November 27, 2019 by Chef K

This recipe was inspired by a Thanksgiving classic… sweet potato casserole! This recipe is actually pretty easy because everything is done in the food processor. However, it does take time because there is lots of cooling and patience involved. You can’t rush this process!

For the crust, we used the bottom of a measuring cup to pack down the pecan mixture. This guarantees a tightly packed crust. If the crust isn’t tightly packed, it will fall apart when trying to cut into it or pick it up.

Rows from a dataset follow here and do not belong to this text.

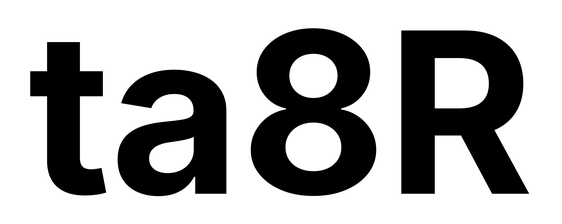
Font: Inter_Bold
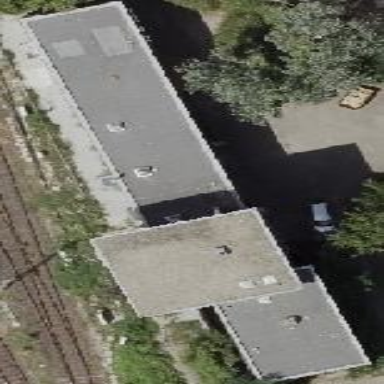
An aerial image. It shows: Building serving as railway signal box.
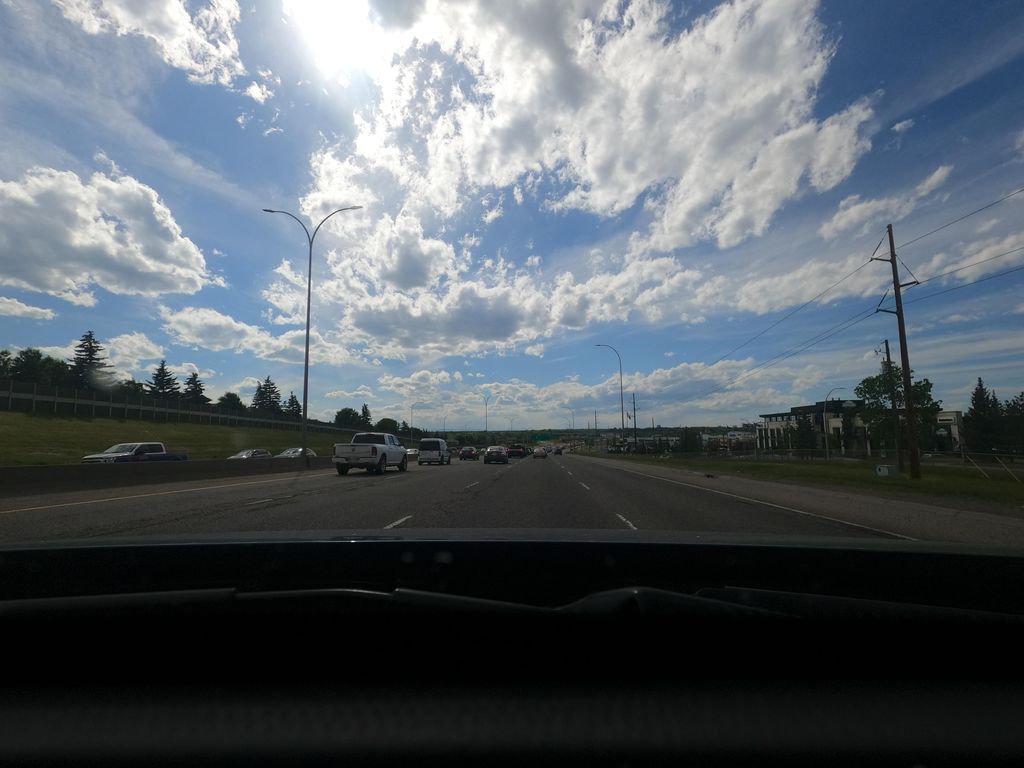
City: calgary
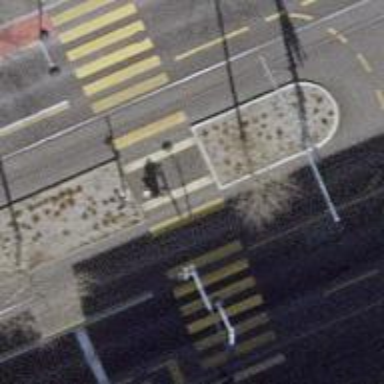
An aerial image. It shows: Kerb barrier.
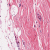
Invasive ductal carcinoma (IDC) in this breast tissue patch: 0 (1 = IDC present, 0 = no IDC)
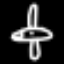
Label: airplane
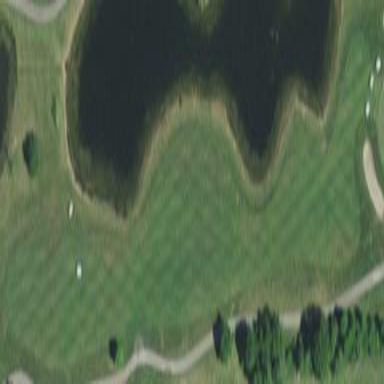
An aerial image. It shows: Scenic golf fairway.
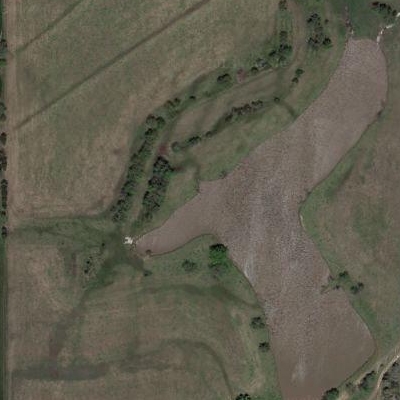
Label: Grass
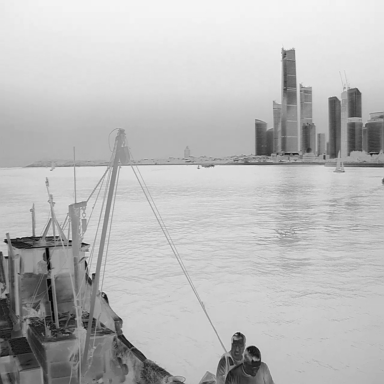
There are four objects shown in the infrared image, including a container_ship, two sailboats, and a bulk_carrier.
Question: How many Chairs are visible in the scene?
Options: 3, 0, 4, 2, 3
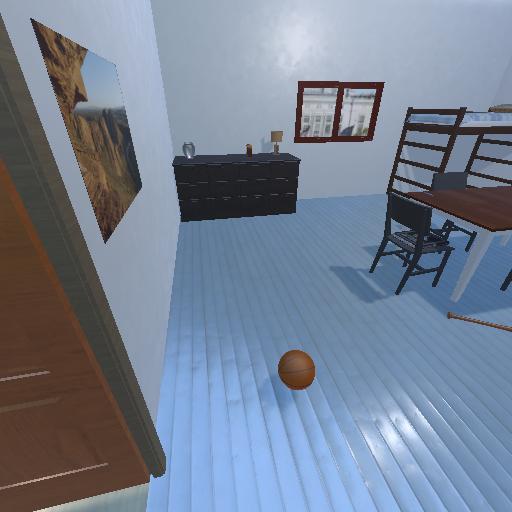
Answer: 3
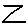
Label: zigzag
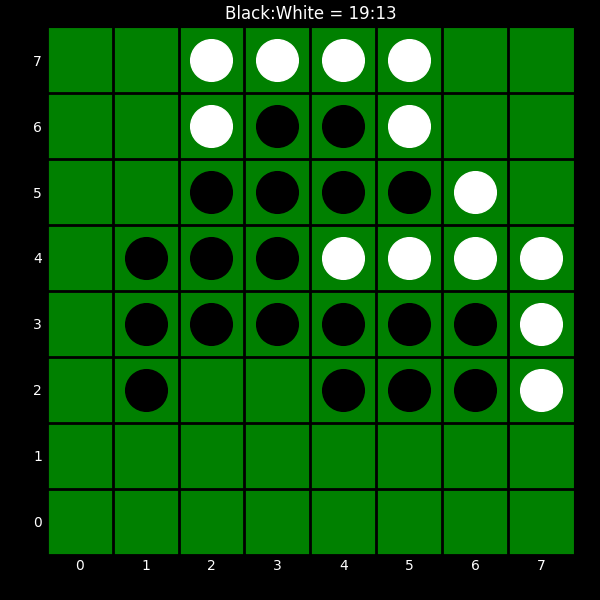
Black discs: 19
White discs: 13
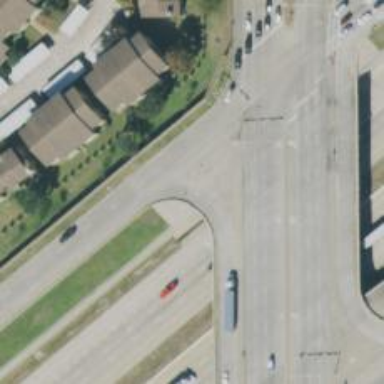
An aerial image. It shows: Secondary link road.
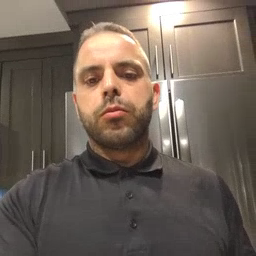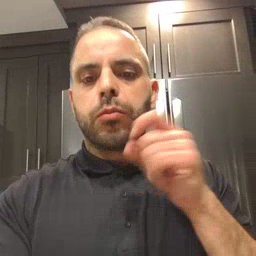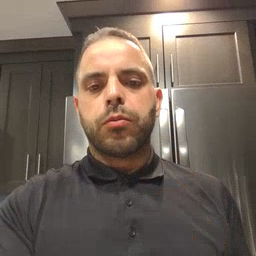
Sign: dryer
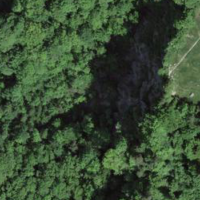
EUNIS habitat code: 44
Species observed at this site:
Orchis mascula

You may be wondering why there is so much cooling time in this recipe. If you add the eggs to hot sweet potato puree, the eggs will get scrambled. This is a big “NO-NO” because you’ll end up with a chunky filling.

Just as importantly, you also can’t broil the marshmallows immediately after baking the bars. We made that mistake during our first attempt at these. Our poor marshmallows melted too much and slid right off the bars. It was so sad… so don’t do it! Patience is key, but we promise it’s worth it.

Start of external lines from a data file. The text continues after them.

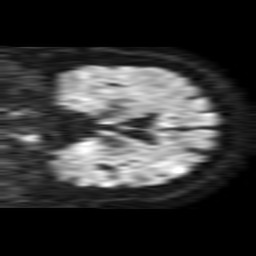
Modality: TRACE
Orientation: coronal
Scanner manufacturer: philips
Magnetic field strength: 1.5 T
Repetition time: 3.409 s
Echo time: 0.06922 s
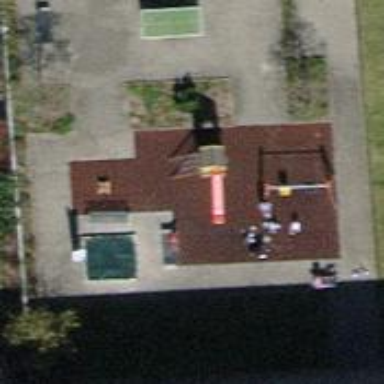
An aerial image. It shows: Playground area for leisure land.
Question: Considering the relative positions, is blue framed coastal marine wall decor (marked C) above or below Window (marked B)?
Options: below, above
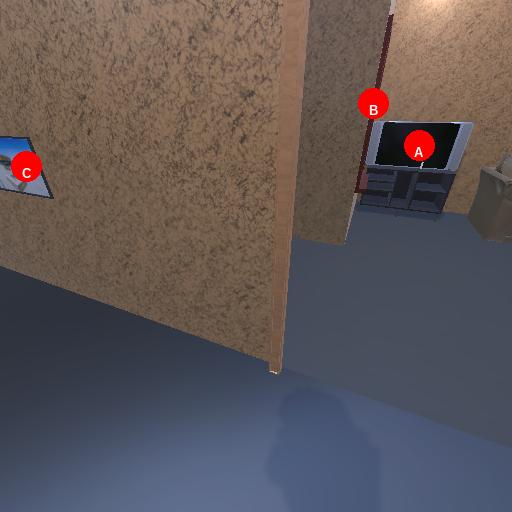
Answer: below
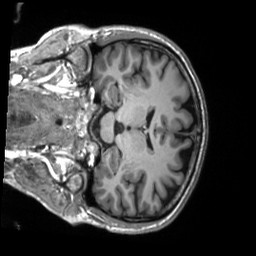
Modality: T1w
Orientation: coronal
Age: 49
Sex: female
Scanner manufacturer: siemens
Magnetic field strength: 3 T
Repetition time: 2.53 s
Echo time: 0.00219 s

Keep your marshmallows on your sweet potatoes, not the floor,
Your favorite alternative chefs, K & T

Print

Sweet Potato Bars

Prep Time 45 minutes
Cook Time 45 minutes
Cooling Time 1 hour
Total Time 2 hours 30 minutes
Servings 12 bars

Ingredients

Pecan Crust

  • 3 cups pecans
  • ½ cup coconut sugar
  • ¼ cup coconut oil melted

Sweet Potato Filling

  • 2 lbs of sweet potatoes peeled and cubed
  • 4 eggs
  • ½ cup coconut cream
  • ¼ cup maple syrup
  • 2 tsp ground ginger
  • 2 tsp cinnamon
  • ½ tsp nutmeg
  • 2 tsp vanilla

2 cups mini marshmallows

Instructions

Crust

  1. Preheat oven to 350 degrees F.
  2. Line a rectangular, 9×13-inch (or equivalent) baking pan with parchment paper.
  3. In a food processor, blend together all crust ingredients until well combined.
  4. Pour mixture into baking pan and press down until firmly packed and in an even layer.
  5. Bake crust for 10 minutes.

Sweet Potato Filling

  1. Bring a pot of water to a boil. Add the sweet potato to the water and let boil for 15 minutes or until you can easily pierce the potato with a fork.
  2. Drain the potatoes and toss into the food processor. Blend until they form a smooth sweet potato puree. Let the puree cool.
  3. Once puree is cool, blend in remaining filling ingredients.
  4. Pour sweet potato mixture into baking pan on top of the crust.
  5. Bake for 40 minutes at 350 degrees F.

Assembly

  1. Once your bars are COMPLETELY cool, turn on your oven broiler to high.
  2. Add marshmallows on top of the sweet potato filling and broil on high for 2 minutes.
  3. Remove from oven, cut into 12 pieces, and serve!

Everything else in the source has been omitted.